Protest parties

Here’s the defaced UKIP poster which seems to have gone viral.

It illustrates beautifully the two diametrically opposed reasons for all the condemnation being heaped on UKIP in the run-up to the Euro elections.

Version 1: the poster as printed

Before it was defaced (or improved, depending on your point of view) it was UKIP’s attempt to set itself apart as different from the three traditional parties. The Conservative, Labour and Liberal Democrat parties are represented by the faces of their leaders, gagged. Nigel Farage, the leader of UKIP, is alongside them but not gagged. He speaks his mind. You are invited to think that the other three are much the same but UKIP is different.

The other three parties have accepted this narrative. There has been a closing of ranks, cross-party cooperation to criticise UKIP. This seems to be the way these parties are moving. There has been similar cross-party cooperation against the Scottish National Party. In the case of the SNP, though, it makes better sense. The SNP expresses one divisive policy issue, the independence of Scotland, and the three traditional parties agree in opposing it.

In the case of UKIP it is harder to point to an issue that sets it apart. UKIP wants to withdraw from the EU, but so does a large proportion of the Conservative Party and some of the Labour Party. The whole EU is becoming more Eurosceptic: according to our news reports the only country currently enthusiastic about it is Ukraine, and we would do well to doubt how deep their desire to join really goes.

As the quality of life continues to deteriorate there is an increasing trend to kick the cat.
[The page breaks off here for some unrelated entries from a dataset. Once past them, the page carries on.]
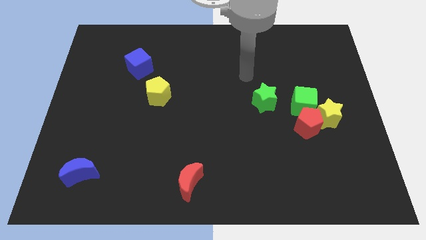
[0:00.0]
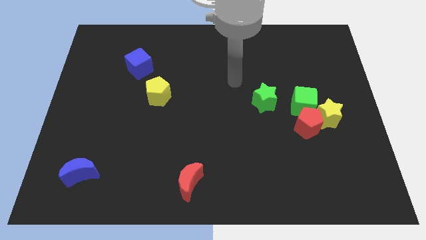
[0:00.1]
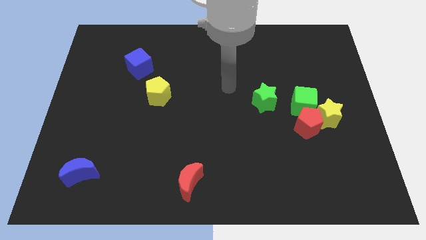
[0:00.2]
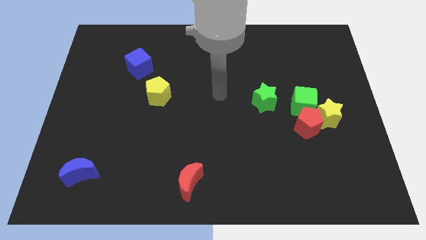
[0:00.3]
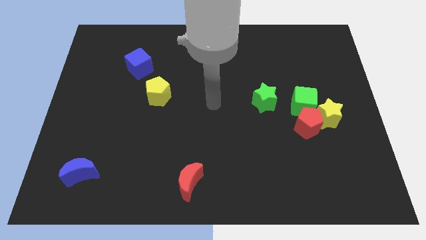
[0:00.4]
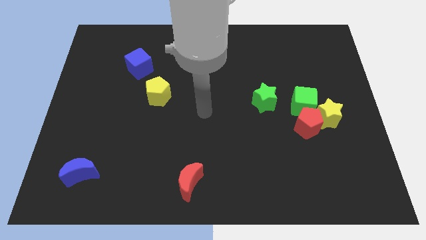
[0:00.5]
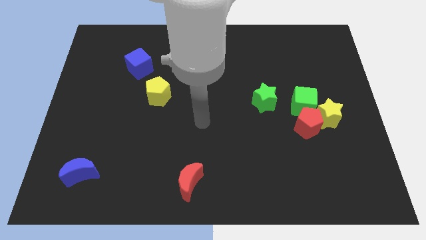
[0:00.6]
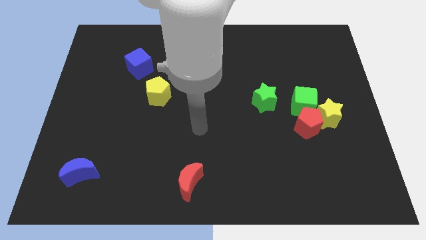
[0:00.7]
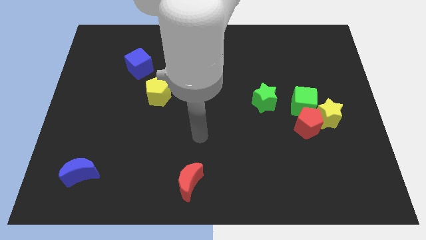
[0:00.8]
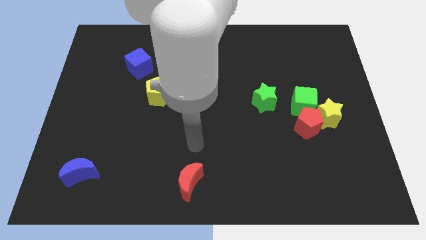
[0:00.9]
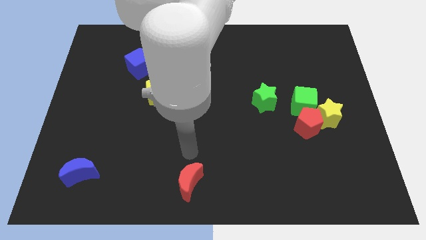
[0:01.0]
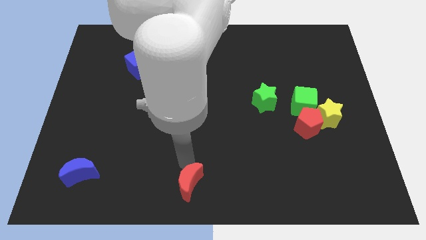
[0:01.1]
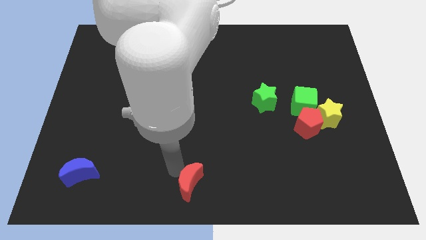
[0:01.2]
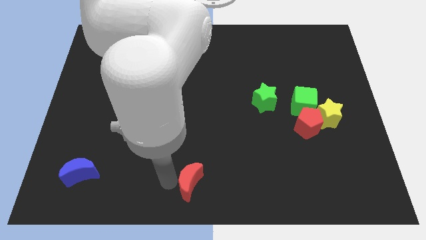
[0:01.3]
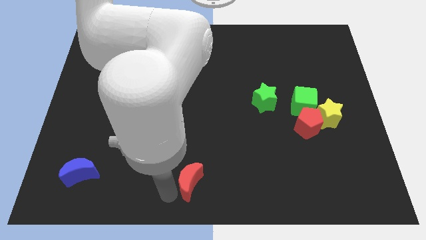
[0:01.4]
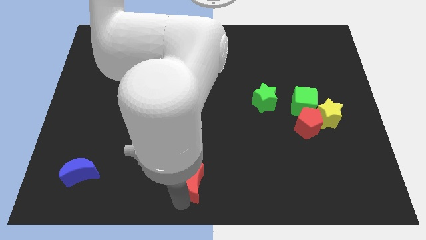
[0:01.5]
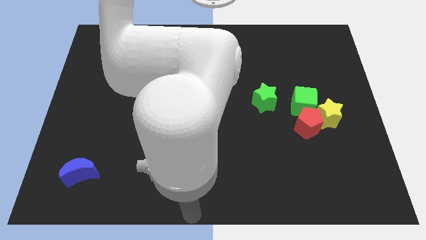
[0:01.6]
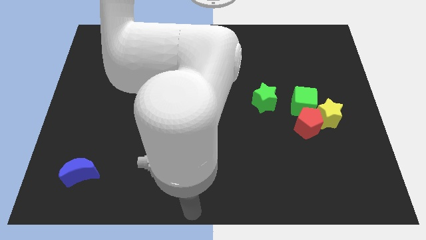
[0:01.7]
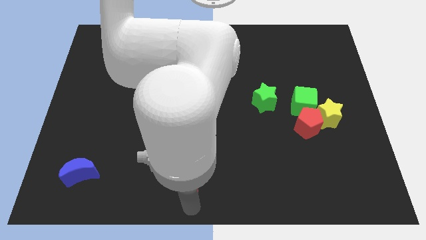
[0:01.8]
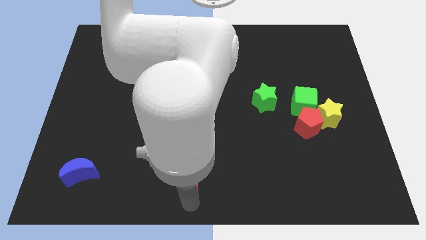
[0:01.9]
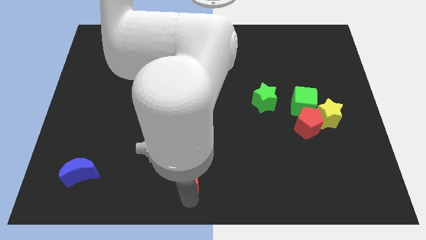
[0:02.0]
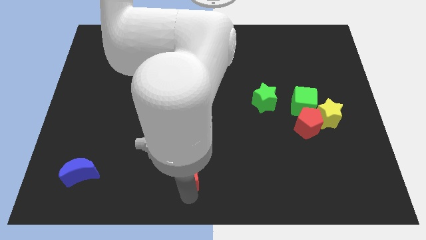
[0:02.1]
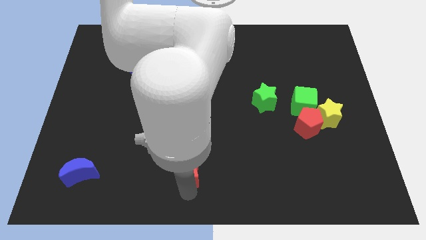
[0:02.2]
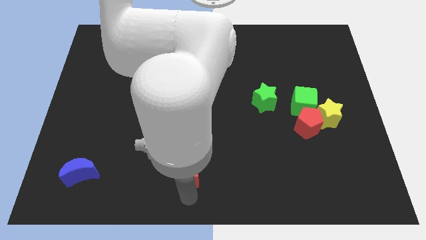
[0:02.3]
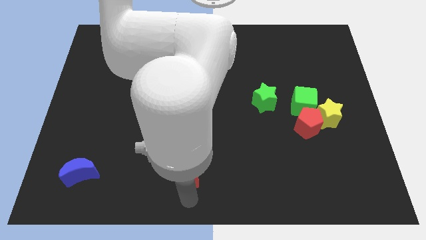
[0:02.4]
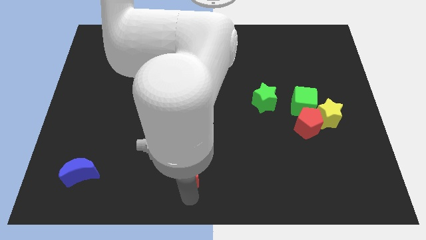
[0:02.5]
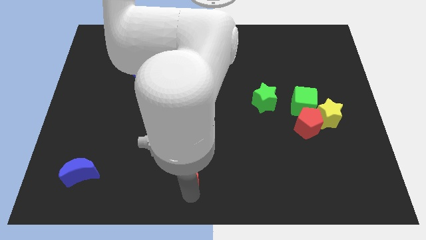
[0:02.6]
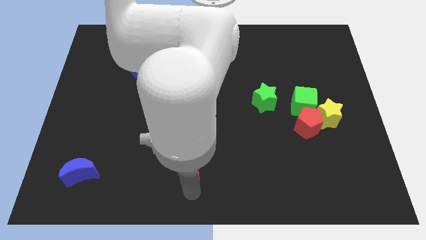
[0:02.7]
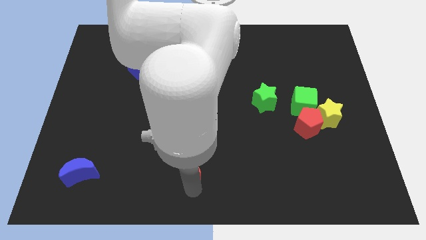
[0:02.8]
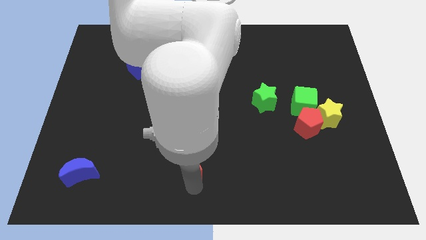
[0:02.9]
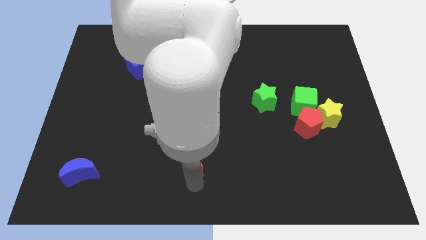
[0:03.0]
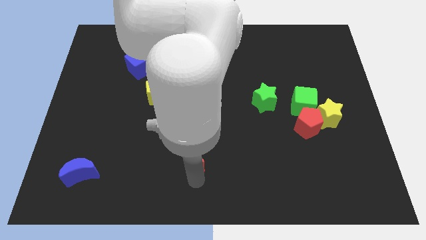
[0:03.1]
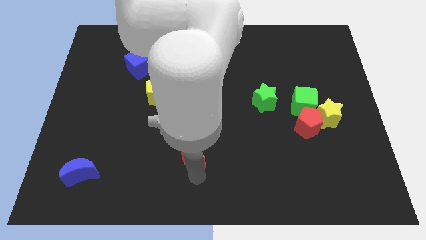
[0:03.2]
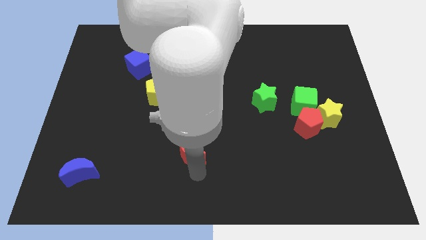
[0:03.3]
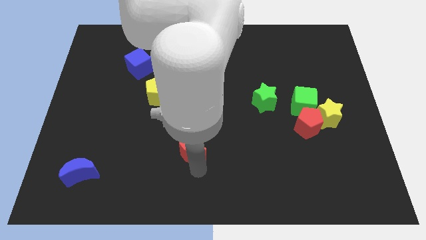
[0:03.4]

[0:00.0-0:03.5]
slide the red moon somewhat up

Witch hunts against unpopular minorities, blaming them for the nation’s ills, currently focus on immigrants. Again UKIP rides the tide, but Conservatives, Labour and the Liberal Democrats have all responded positively to the anti-immigrant mood.

UKIP wants lower taxes, less protection for the vulnerable and more incentives for big business to make money in whatever ways it chooses. This, also, has been the direction of travel for decades, promoted by Conservatives, Liberal Democrats and Labour alike when in power.
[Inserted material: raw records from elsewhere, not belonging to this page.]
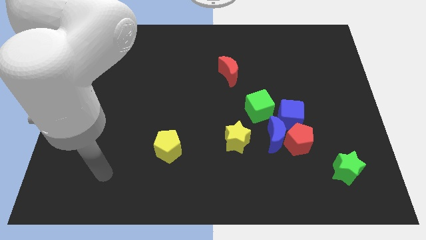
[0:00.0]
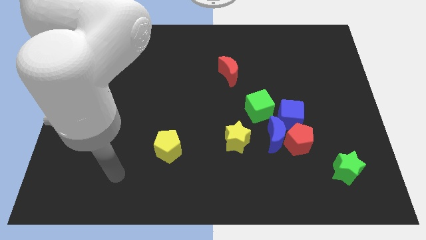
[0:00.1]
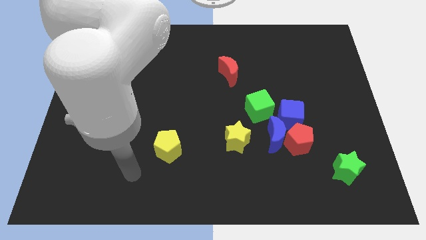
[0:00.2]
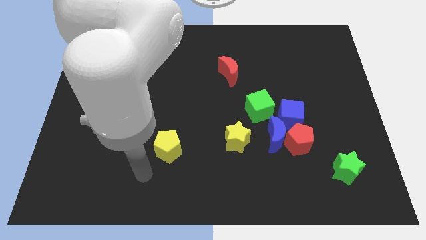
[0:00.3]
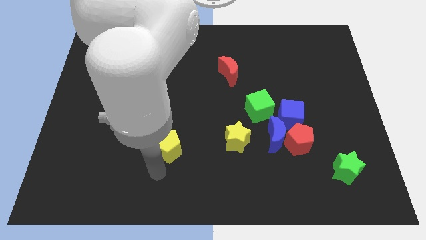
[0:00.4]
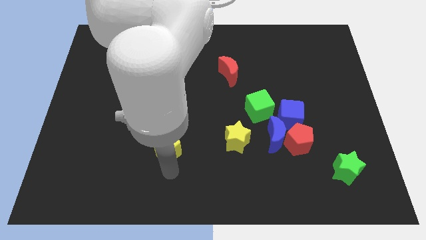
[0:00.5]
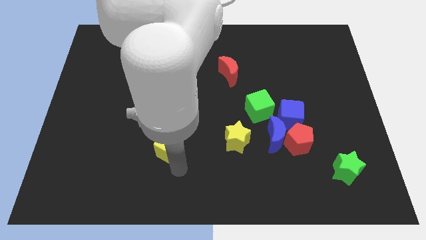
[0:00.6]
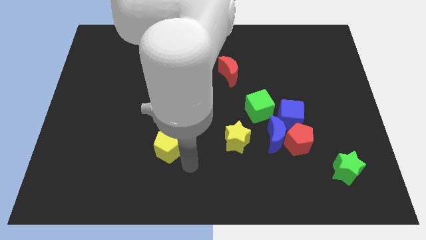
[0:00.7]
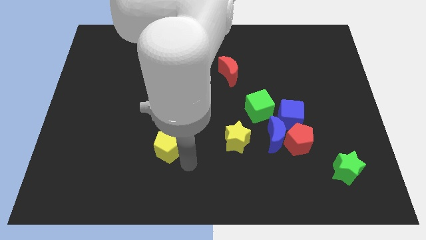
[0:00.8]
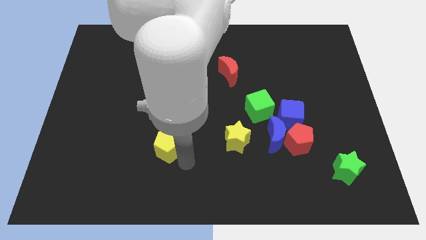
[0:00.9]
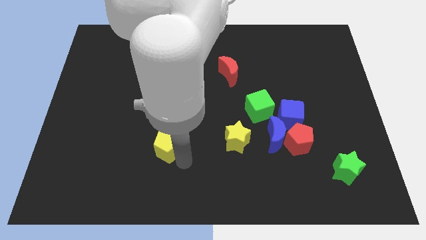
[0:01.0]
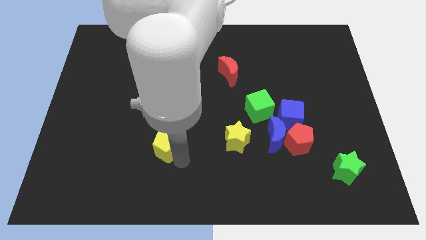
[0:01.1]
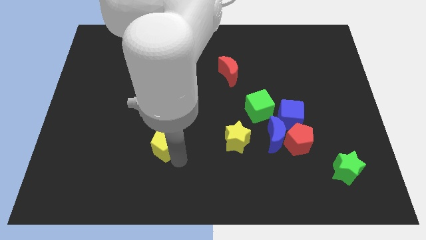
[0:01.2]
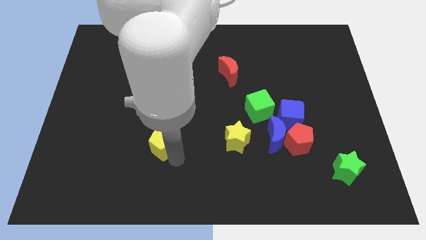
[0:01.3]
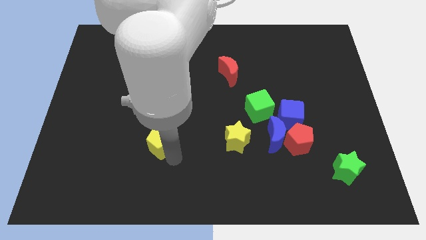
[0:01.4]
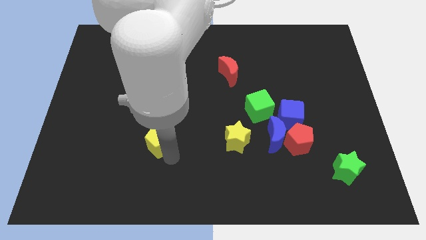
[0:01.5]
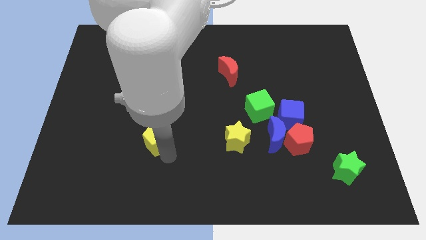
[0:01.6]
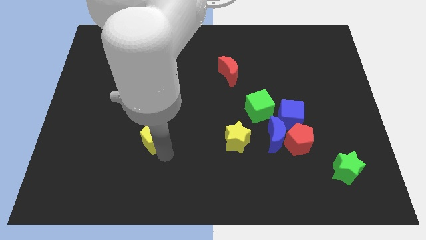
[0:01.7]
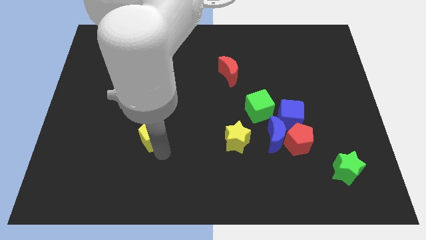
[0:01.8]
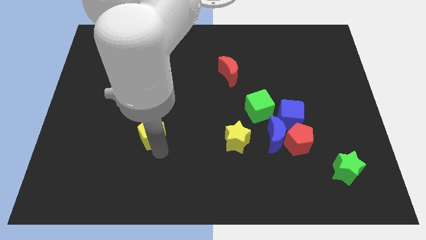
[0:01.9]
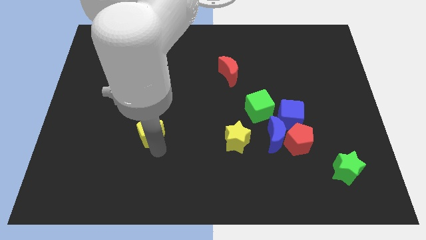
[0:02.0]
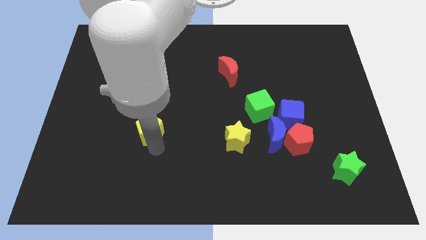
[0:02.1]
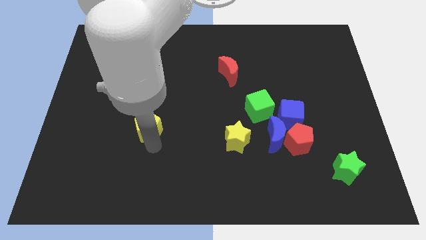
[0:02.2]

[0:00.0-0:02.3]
slightly push the yellow pentagon upwards and left

UKIP politicians have a substantial record of making racist statements and fiddling their expenses, but on this count too they are not much different from other politicians.

So why have the three traditional parties been so keen to close ranks against it? I cannot help suspecting that the real reason is petty tribalism. The traditional three parties are used to campaigning against each other. They strain every muscle against each other. They demonise each other. To be faced with yet another opponent is the last thing they want. Worse still the new opponent, by lumping the three of them together, tells them that the differences between them are not that great. The other two parties they have been demonising are mirror images of themselves. No, they tell themselves, UKIP must be wrong. The policy differences between the three traditional parties really do express the big issues; our party really is different from the other two. So where, if they believe that, do they locate UKIP? They have to locate it beyond the pale, as absolutely unacceptable. It is the only way they can retain their belief that the three traditional parties cover the credible policy alternatives adequately.
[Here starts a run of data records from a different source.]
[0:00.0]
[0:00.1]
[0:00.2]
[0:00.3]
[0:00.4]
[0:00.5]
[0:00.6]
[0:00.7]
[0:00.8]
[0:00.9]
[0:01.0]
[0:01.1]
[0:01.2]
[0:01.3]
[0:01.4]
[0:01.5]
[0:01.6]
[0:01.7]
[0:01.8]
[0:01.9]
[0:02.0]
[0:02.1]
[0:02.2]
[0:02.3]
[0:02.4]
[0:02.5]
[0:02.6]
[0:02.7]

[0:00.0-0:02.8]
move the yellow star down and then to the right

(I am writing this before the Labour Party’s Policy Review is published. This may change the situation and set Labour apart from the others. At present it seems unlikely. Ed Balls is almost certain to oppose any significant changes. If he is outvoted and resigns in disgust, maybe we can hope once again for a Labour government that reverses the recent deteriorations.)

Version 2: the poster as altered

As altered, the poster tells a very different story. The three traditional parties are still much the same as each other, not worth supporting; but now UKIP, instead of offering an alternative, is depicted as no better.

It is in the nature of protest parties that they garner votes from people who are dissatisfied with other parties. They therefore have short-term appeal. As long as the focus of attention is on the other parties and their weaknesses, a vote for UKIP functions as a way of expressing dissatisfaction. For many voters, that will be as far as their thinking goes.

When the focus of attention turns to the protest party itself, things change. Unless you are a passionate opponent of the EU or immigrants, UKIP do not offer anything outside that narrow range of policies already encompassed by the other parties.

Here we face one of the major weaknesses in the electoral system. Voters need to be well-informed. Nearly all the information comes from the mass media, who present the four parties illustrated in this poster as the only parties worth considering. Some people, following the media’s lead, have judged this altered poster as an anti-voting sentiment; but there are other candidates, with markedly different policies. Of these, the party rising in the opinion polls now is the Green Party. The media narrative, by narrowing the range of parties to the four in the poster, also narrows the range of political philosophies. It reduces political ideas to the ideas held by these four parties, ideas which many of us, in fact, do not share. No wonder so many people do not bother to vote!

The two versions compared

The current attacks on UKIP, therefore, come from two diametrically opposed positions. One position accepts the Conservative-LibDem-Labour spectrum as an adequate range of options and treats UKIP as an unjustified impostor, beyond the pale. The other considers the Conservative-LibDem-Labour spectrum as hopelessly inadequate. Widen it to include UKIP, and it is still inadequate. We must look elsewhere for better government.

Logically, it makes no sense to criticise UKIP for both of these reasons at once. They are saying opposite things about it. Personally I agree with the second. I therefore think the alteration of that poster made a great improvement. Congratulations to whoever did it.